I walk because it clears my brain of the worry clouds which often muck things up in there. There is a lot of that. My imagination is on overdrive as of late and walking calms it to only a minimal hum. I can deal with humming. Humming won’t drive me nuts. I walk for the solitude of the matter. When I walk, I slap on some headphones and turn up whatever audiobook I am listening to at the moment (right now it is Margaret Atwood’s The Handmaids Tale) and I fall deep and uninhibitedly into the plot. The story clears away the stress that presses down on me, the same kind of stress that presses down on everyone. It allows me to mull things over and that gives way to the pea green sprouting of ideas, activating the forward thinking part of my brain.

When I am in the solitude of a daily walk, while my feet pound dirt clad walking paths, while the branches of trees reach down to greet me as I move deftly under them and the crisp air shrouds the exposed skin of my face I am bucolic. The hastiness, the cram of the daily grind is set to some invented side and an expressive feeling of simplicity slides through me. Before life became so impossibly important. Before newscast articles painted huge red exes upon our brains forever marking us in their forever ways. I walk a little faster now and the boot clop sound of a well-worn shoe smacking against ground sends me trance side.

I am so happy here. Maybe happy isn’t the word to use because I am often happy elsewhere too. The feeling I have for here, this universe I find myself in while I am walking, is something altogether different. It is not to be shared. It is its own entity like the space inside a snow globe. It cannot be touched.

I am grateful to have this time to move and think and listen. And that is just one more thing that glasses over my thoughts as my feet move forward on my daily walk.

Chocolates in a bag

The woman’s face is wizened. Ripened from years of talking and laughing. It must be from laughing, or smiling at least because of the wrinkles which huddle around the corners of her mouth; all tiny sideways smiles themselves.

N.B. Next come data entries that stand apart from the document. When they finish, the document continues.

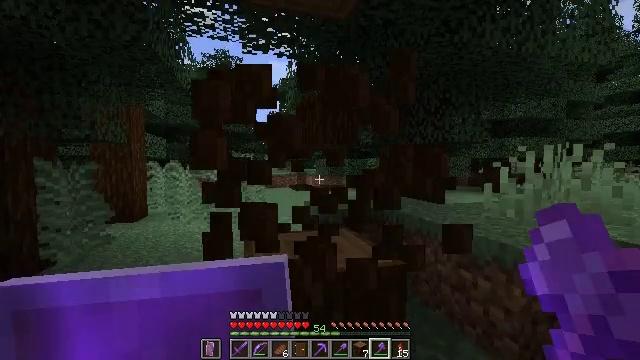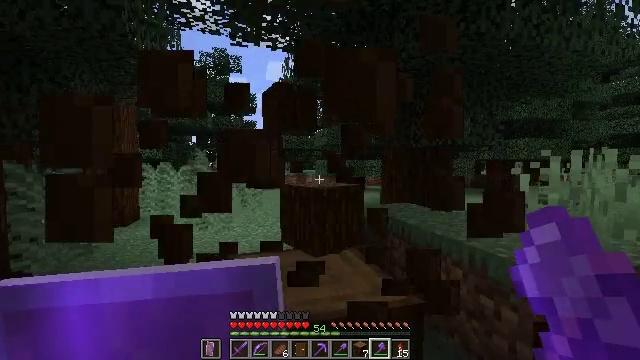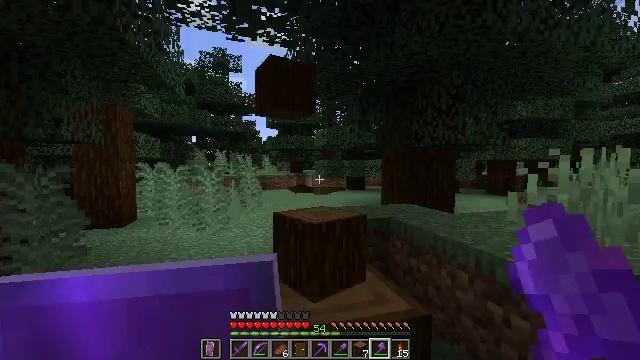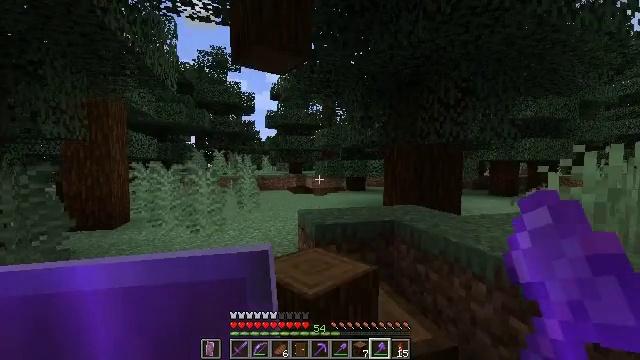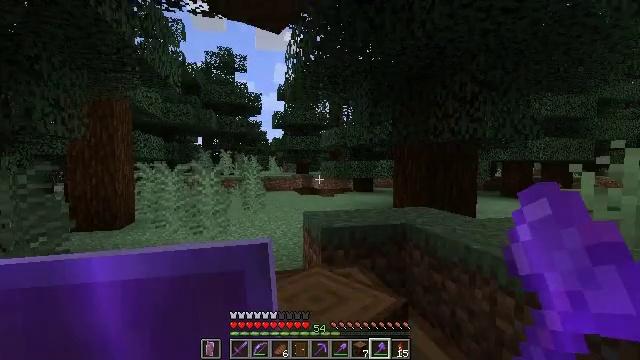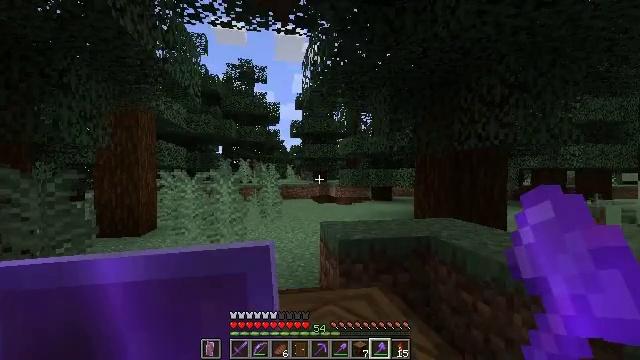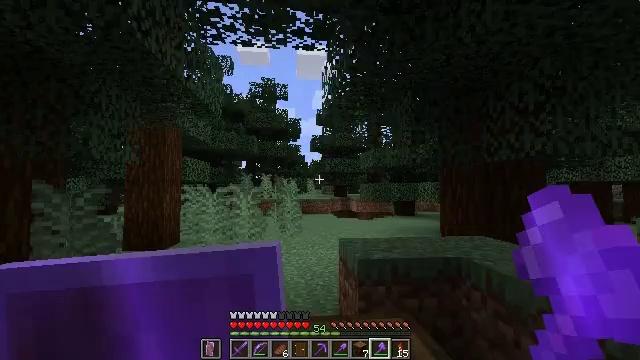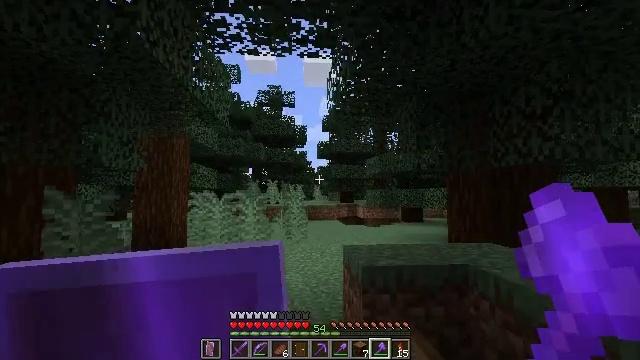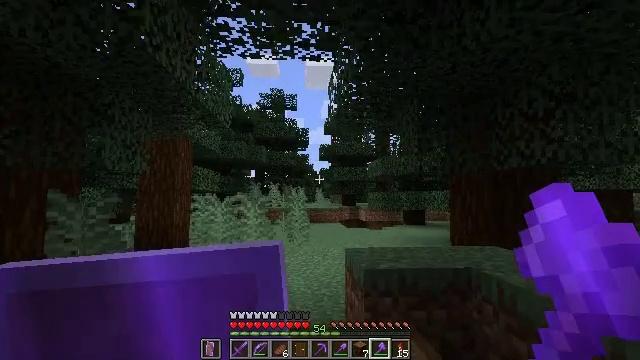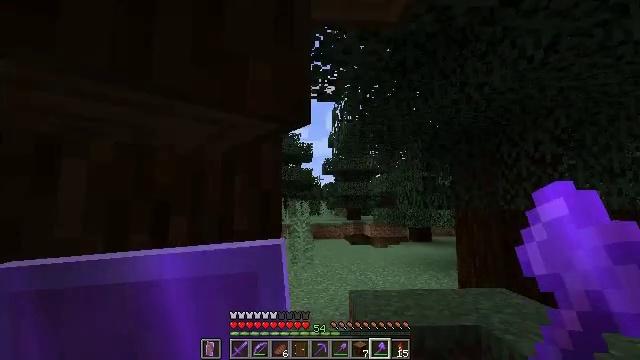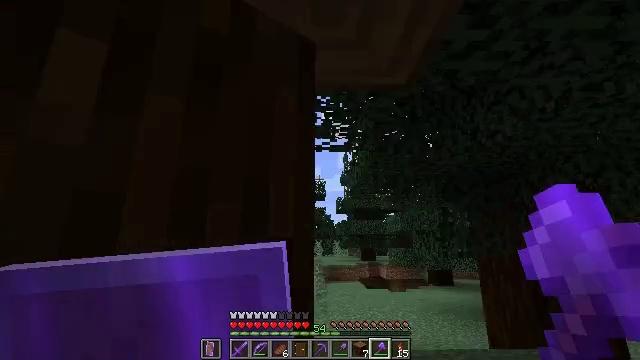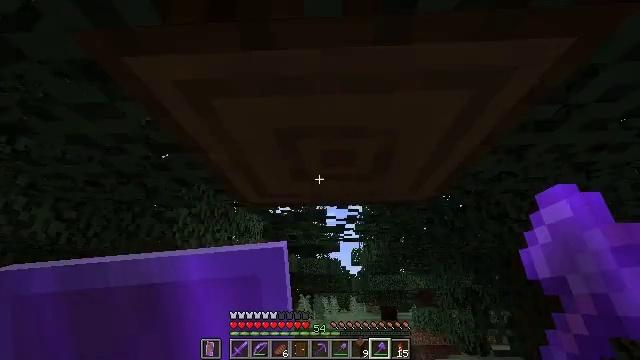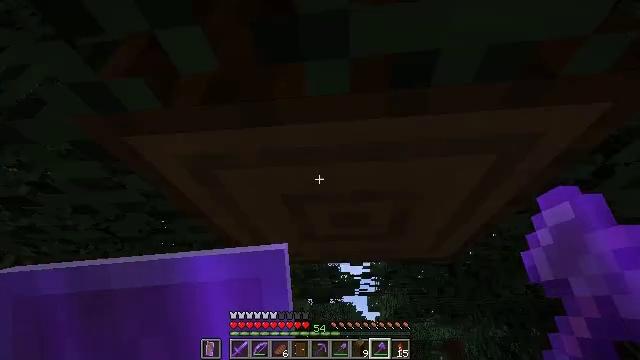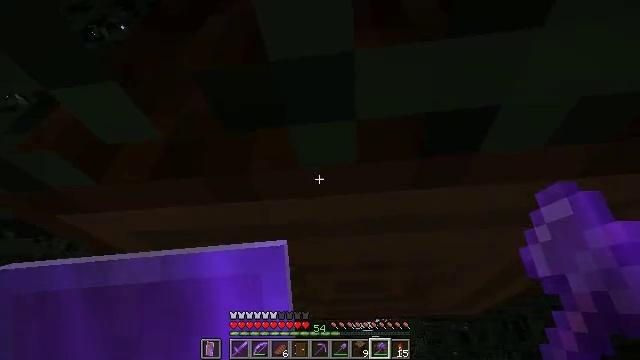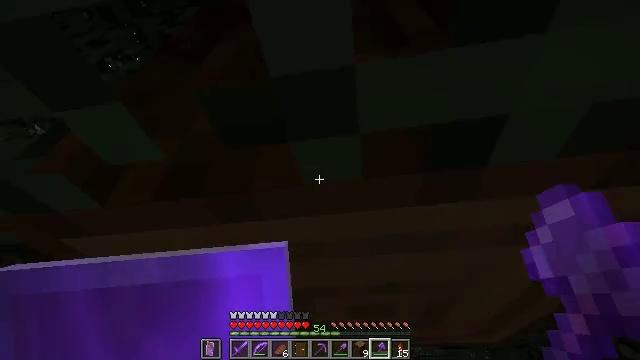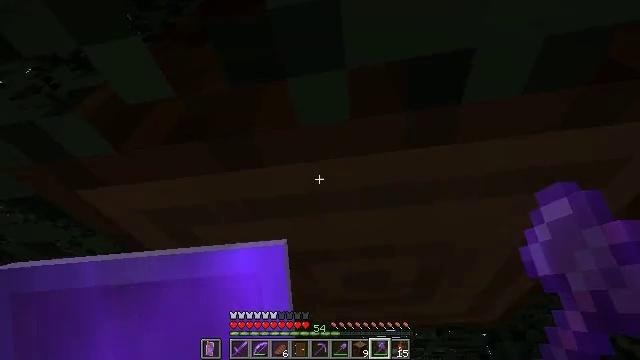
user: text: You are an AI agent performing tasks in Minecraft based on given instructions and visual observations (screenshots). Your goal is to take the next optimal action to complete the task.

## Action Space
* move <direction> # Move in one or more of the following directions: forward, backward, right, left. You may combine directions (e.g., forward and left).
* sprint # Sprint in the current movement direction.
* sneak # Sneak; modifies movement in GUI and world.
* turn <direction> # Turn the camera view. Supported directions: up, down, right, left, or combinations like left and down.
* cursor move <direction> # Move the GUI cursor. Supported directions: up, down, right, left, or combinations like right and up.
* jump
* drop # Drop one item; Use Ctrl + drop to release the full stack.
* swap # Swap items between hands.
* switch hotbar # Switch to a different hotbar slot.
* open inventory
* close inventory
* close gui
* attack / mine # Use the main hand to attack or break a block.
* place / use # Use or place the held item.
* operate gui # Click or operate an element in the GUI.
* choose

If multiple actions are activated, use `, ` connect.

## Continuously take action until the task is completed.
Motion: motion action
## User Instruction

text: Break the spruce log from the tree.
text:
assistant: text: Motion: move forward
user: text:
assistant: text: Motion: move forward
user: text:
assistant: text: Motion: move forward
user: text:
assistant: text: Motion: move forward, turn left
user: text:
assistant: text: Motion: move forward, turn left and up
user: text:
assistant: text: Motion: move forward, turn left and up
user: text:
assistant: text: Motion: move forward, turn left and up
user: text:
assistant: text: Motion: move forward
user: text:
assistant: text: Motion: move forward, turn left and up, jump
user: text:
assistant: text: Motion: move forward, turn left and up, jump
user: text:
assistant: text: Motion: move forward, turn left and up
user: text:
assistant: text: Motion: move forward, turn left and up
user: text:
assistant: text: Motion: turn left and up
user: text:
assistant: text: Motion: turn left and up
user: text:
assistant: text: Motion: turn up
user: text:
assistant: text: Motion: no_op
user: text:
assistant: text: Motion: no_op
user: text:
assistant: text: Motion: turn up
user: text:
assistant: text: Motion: turn up
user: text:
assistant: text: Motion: turn up
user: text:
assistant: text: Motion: turn up
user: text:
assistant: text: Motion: no_op
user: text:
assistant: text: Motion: no_op
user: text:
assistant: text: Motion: no_op
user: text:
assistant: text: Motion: turn up
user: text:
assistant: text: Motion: move forward, turn up
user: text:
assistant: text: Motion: move forward, turn up
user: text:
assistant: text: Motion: move forward, turn up
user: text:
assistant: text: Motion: move forward, turn up
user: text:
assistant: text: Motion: turn up

We make eye contact through the glass of my passenger side window. The Chinook winds cause her to squint and pull a hood up over her head. Oh for shit sakes, I mumble trying not to move my lips in case she is a lip reader, what the what is this now?

I busy myself by touching imaginary buttons on my phone. Busy people are unapproachable because they are too engrossed in whatever they are doing to speak to other humans. Or maybe it is because they have such a vital and important air about them. Or maybe they give off the undetectable stench of standoffishness. Or maybe it’s just that the brain is intuitive enough to detect that this person simply does not want to talk to you. In any case, this woman’s detector sensors are broken.

However she does not approach my car but the one parked behind me. I stealthily slip out of the driver’s seat to slink into the store without having to engage. Human contact, ugh. I hear a, “Oh thank you!” coming from the woman who sits in the vehicle to my rear. Her voice peaks at the end of the sentence as if she is partly asking a question. Something rectangular dangles from her fingers, she seems hesitant to touch it. As if it is slathered in goo.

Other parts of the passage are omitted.